* _Exercise aim_:
Give back, exactly and with nothing else, the lines running from the one that contains "Presented in time" to the end of the entries below; do not include pictures.

Saved data entries
□ □ □

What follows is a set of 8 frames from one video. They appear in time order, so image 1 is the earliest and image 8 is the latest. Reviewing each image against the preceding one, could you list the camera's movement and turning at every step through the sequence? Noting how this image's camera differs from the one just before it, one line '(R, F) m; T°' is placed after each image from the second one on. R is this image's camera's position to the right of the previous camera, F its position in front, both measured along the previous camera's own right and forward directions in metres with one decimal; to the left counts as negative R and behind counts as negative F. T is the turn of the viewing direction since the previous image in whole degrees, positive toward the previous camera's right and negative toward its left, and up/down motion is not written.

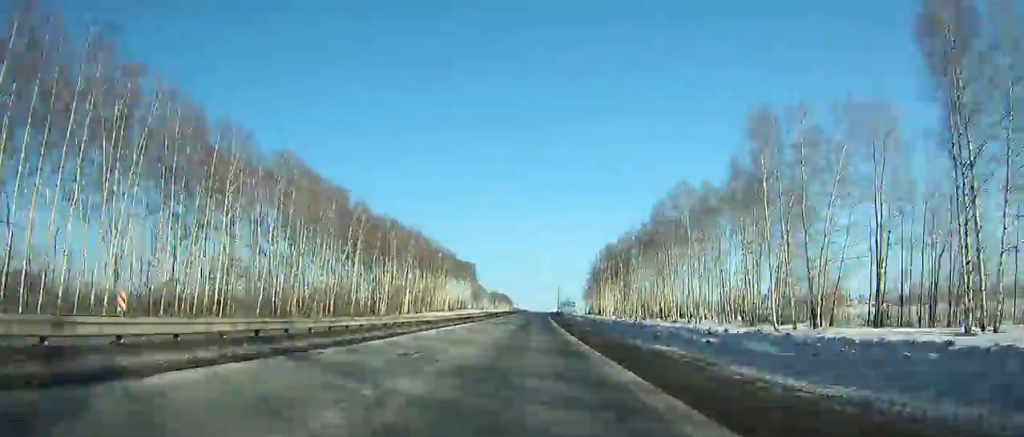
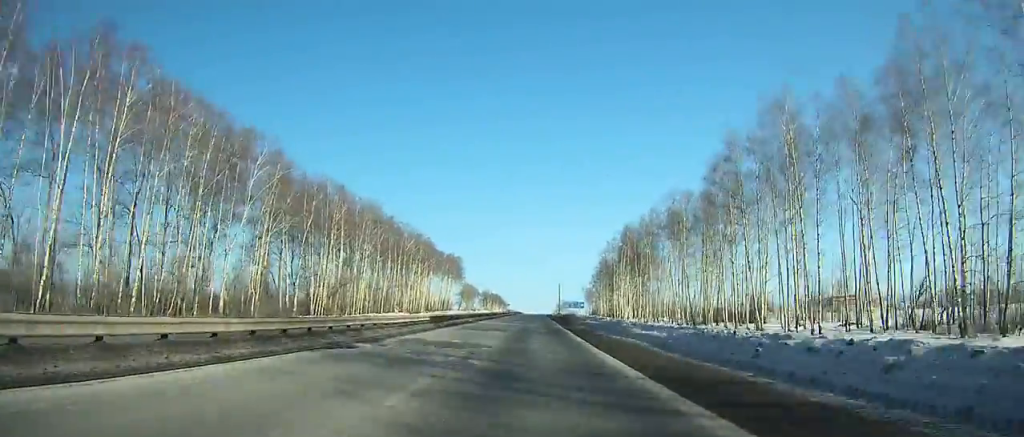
(+0.2, +38.5) m; +1°
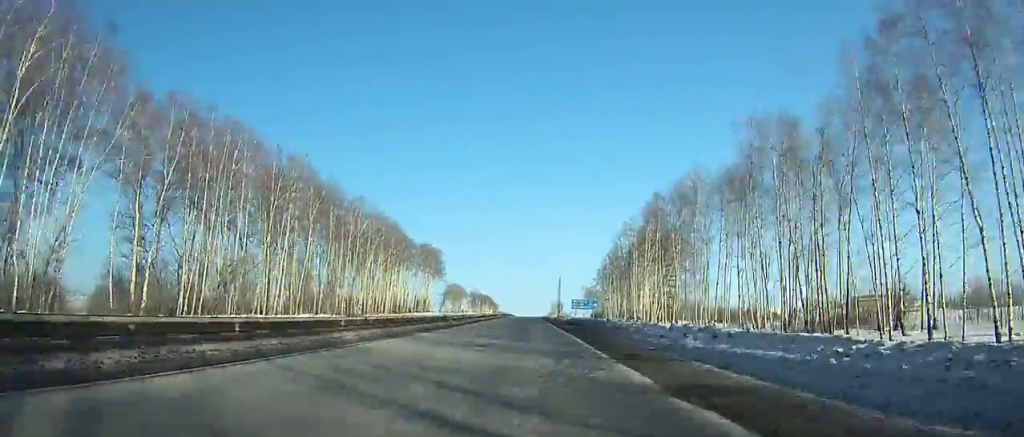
(+0.2, +36.1) m; 0°
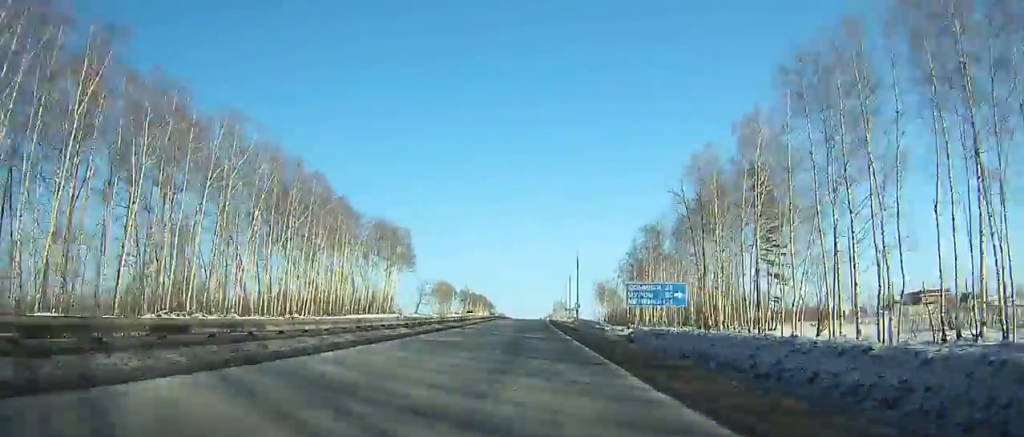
(+0.2, +50.7) m; 0°
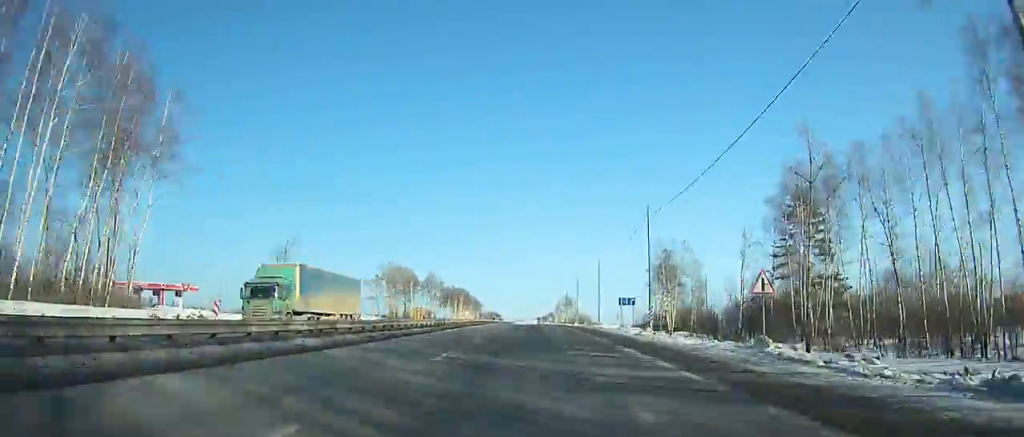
(+0.1, +108.8) m; 0°
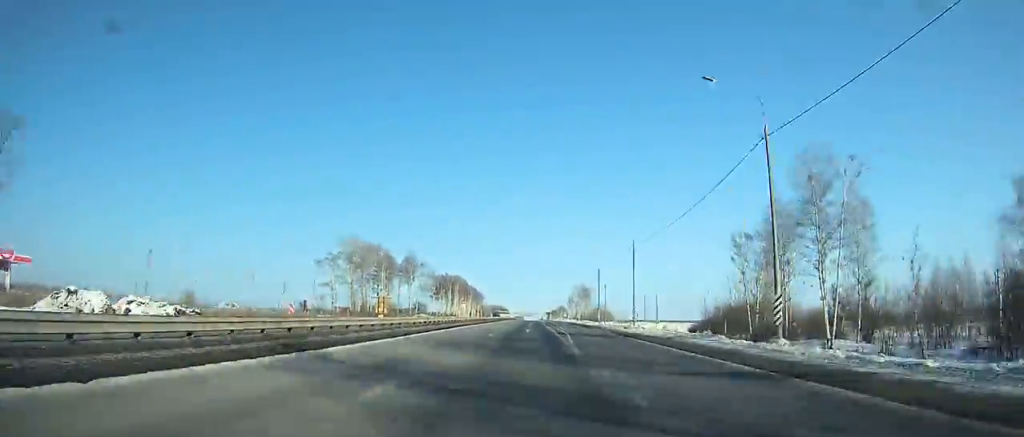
(-0.2, +55.8) m; 0°
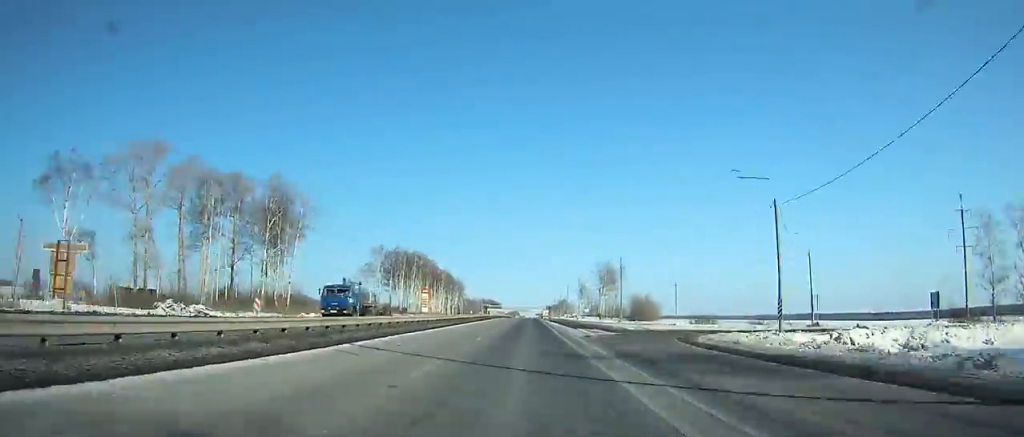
(0.0, +93.1) m; 0°
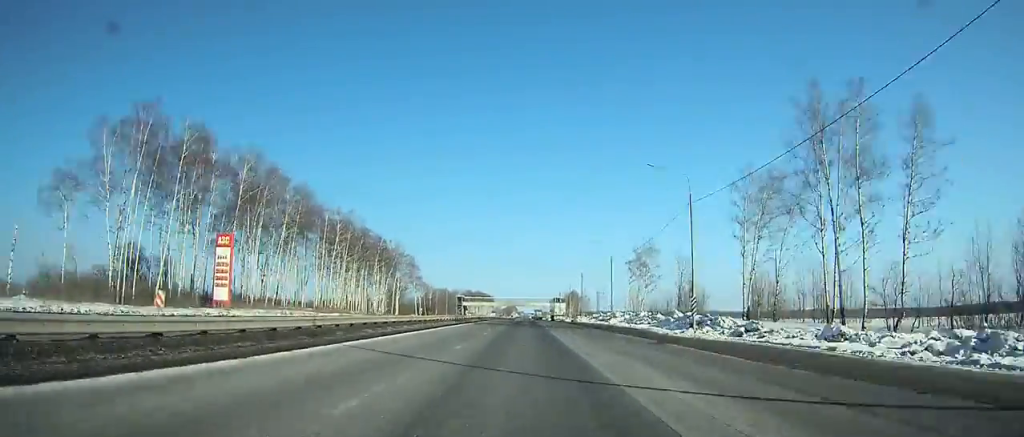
(0.0, +123.8) m; 0°
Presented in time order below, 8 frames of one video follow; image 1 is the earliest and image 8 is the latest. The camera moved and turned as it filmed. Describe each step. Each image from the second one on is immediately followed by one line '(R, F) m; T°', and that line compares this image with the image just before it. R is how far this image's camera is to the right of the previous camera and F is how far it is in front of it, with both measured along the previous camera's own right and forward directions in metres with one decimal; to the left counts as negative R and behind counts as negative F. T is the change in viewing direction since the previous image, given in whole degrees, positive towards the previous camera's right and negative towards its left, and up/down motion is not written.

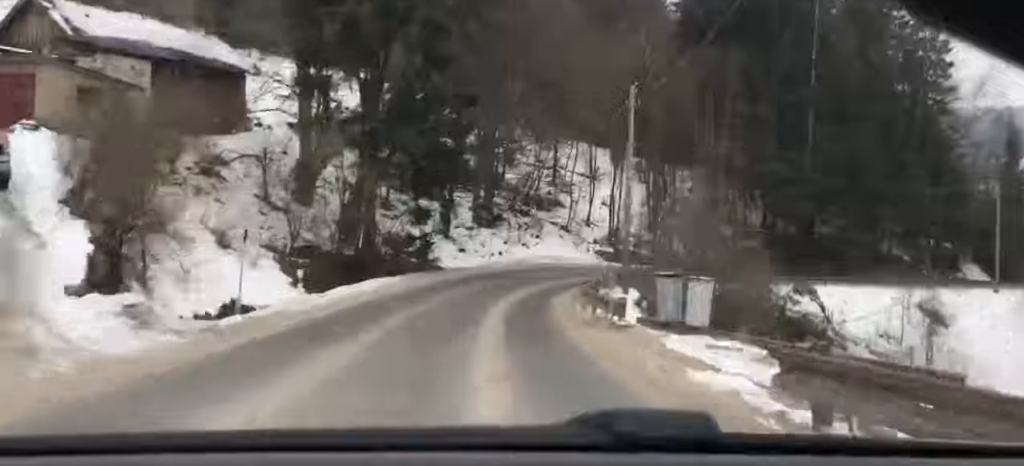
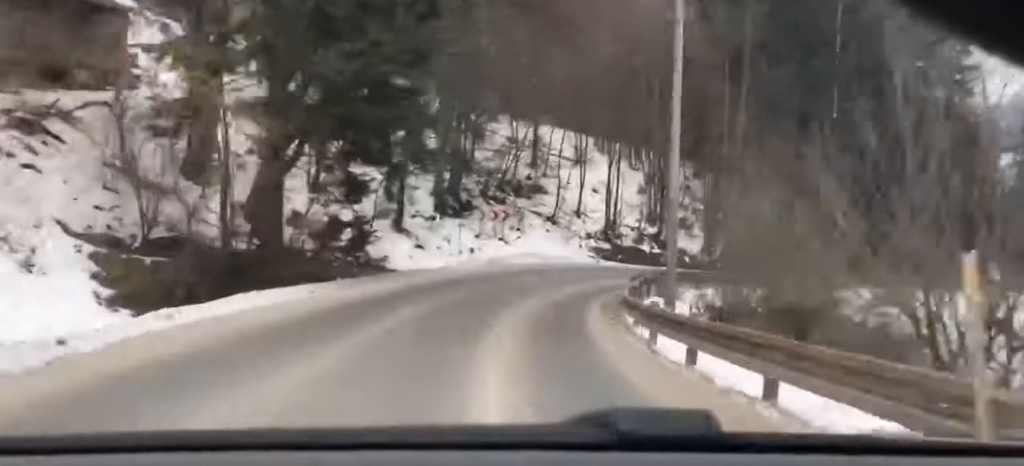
(+0.3, +9.6) m; +2°
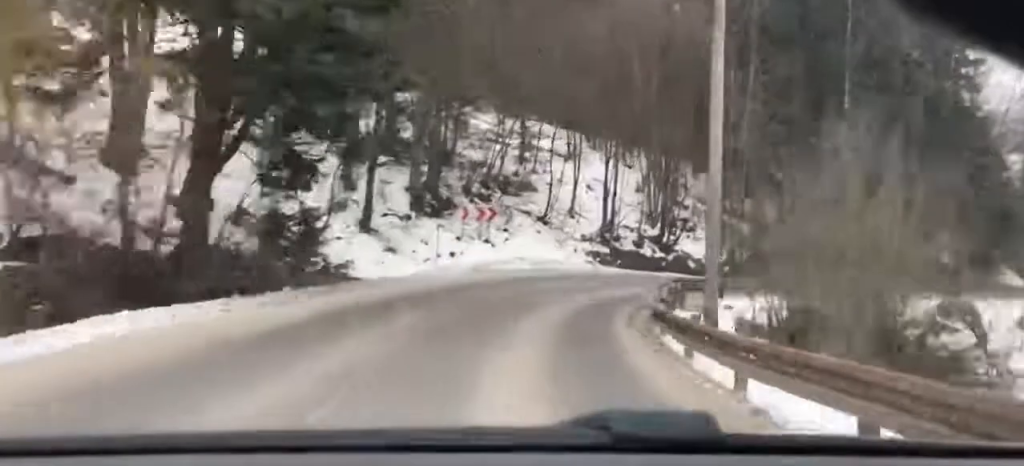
(0.0, +4.7) m; +1°
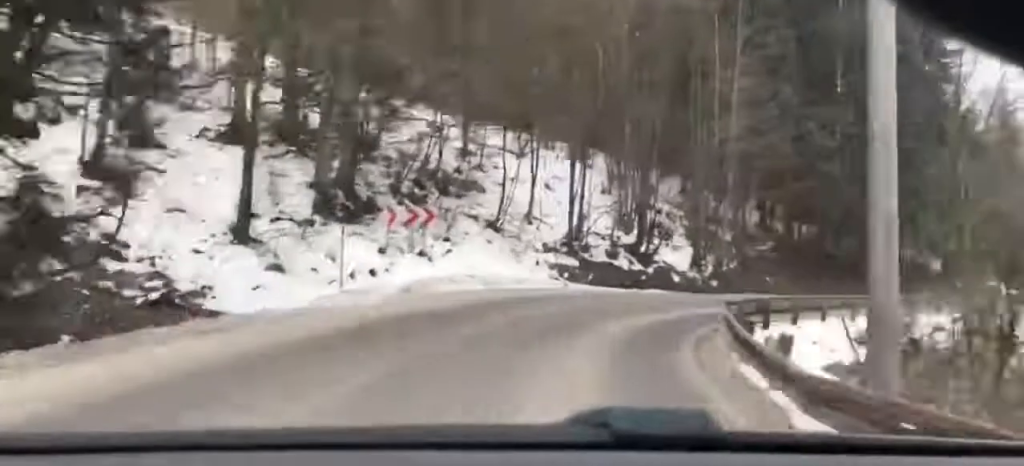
(+0.2, +9.0) m; +4°
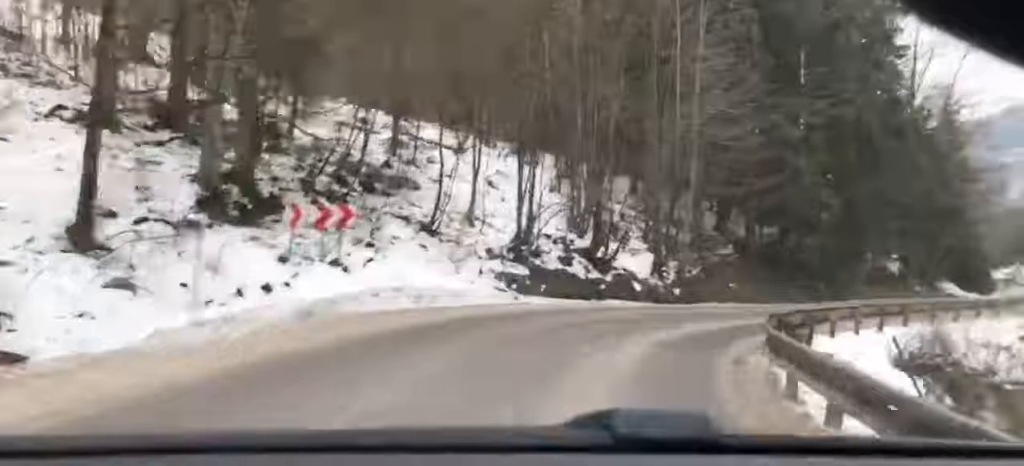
(0.0, +5.4) m; +3°
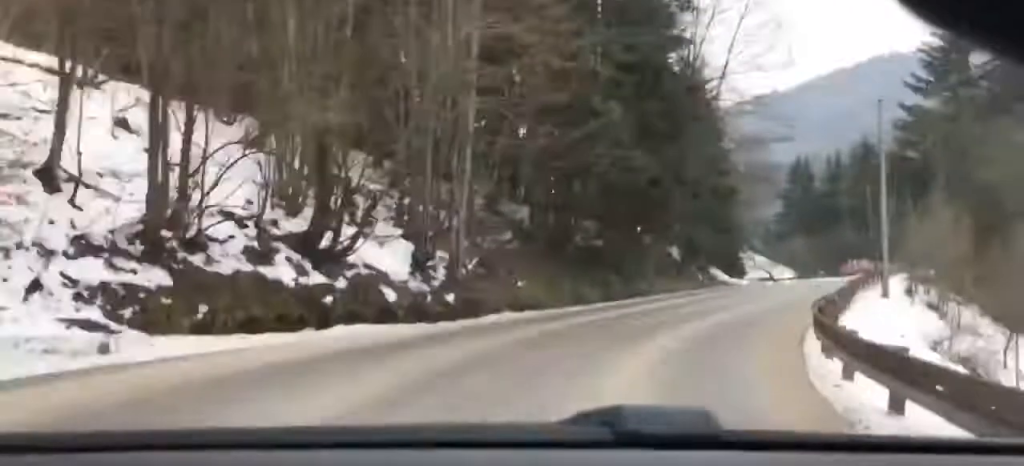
(+0.9, +16.9) m; +4°
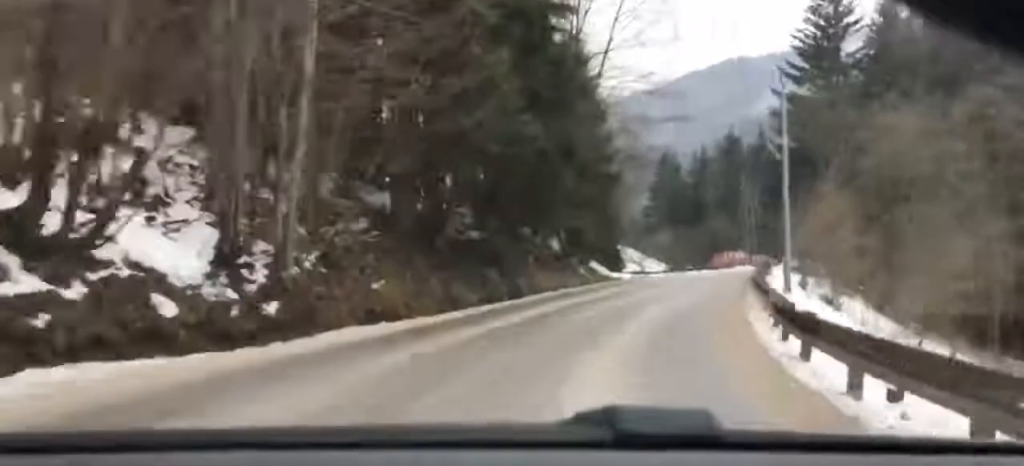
(-0.1, +7.5) m; +2°
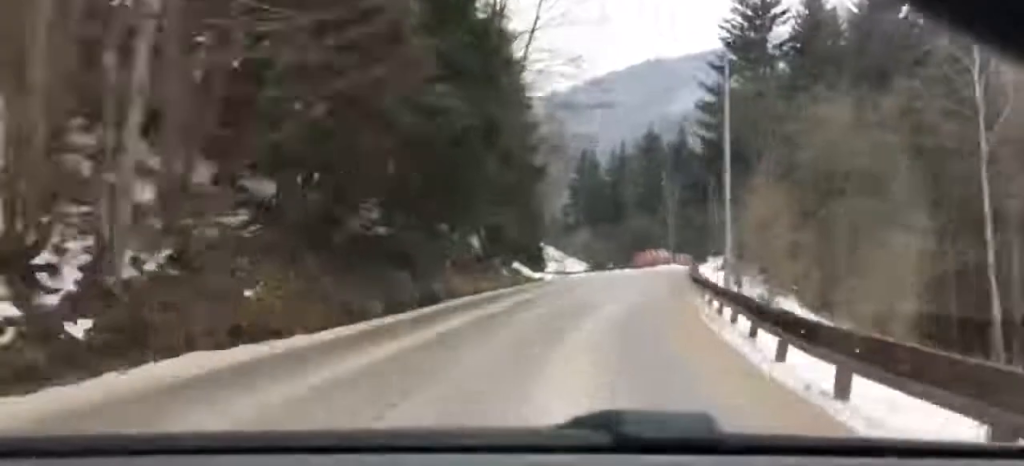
(+0.2, +4.2) m; +3°

□ □ □

* _Task result_:
Presented in time order below, 8 frames of one video follow; image 1 is the earliest and image 8 is the latest. The camera moved and turned as it filmed. Describe each step. Each image from the second one on is immediately followed by one line '(R, F) m; T°', and that line compares this image with the image just before it. R is how far this image's camera is to the right of the previous camera and F is how far it is in front of it, with both measured along the previous camera's own right and forward directions in metres with one decimal; to the left counts as negative R and behind counts as negative F. T is the change in viewing direction since the previous image, given in whole degrees, positive towards the previous camera's right and negative towards its left, and up/down motion is not written.

(+0.3, +9.6) m; +2°
(0.0, +4.7) m; +1°
(+0.2, +9.0) m; +4°
(0.0, +5.4) m; +3°
(+0.9, +16.9) m; +4°
(-0.1, +7.5) m; +2°
(+0.2, +4.2) m; +3°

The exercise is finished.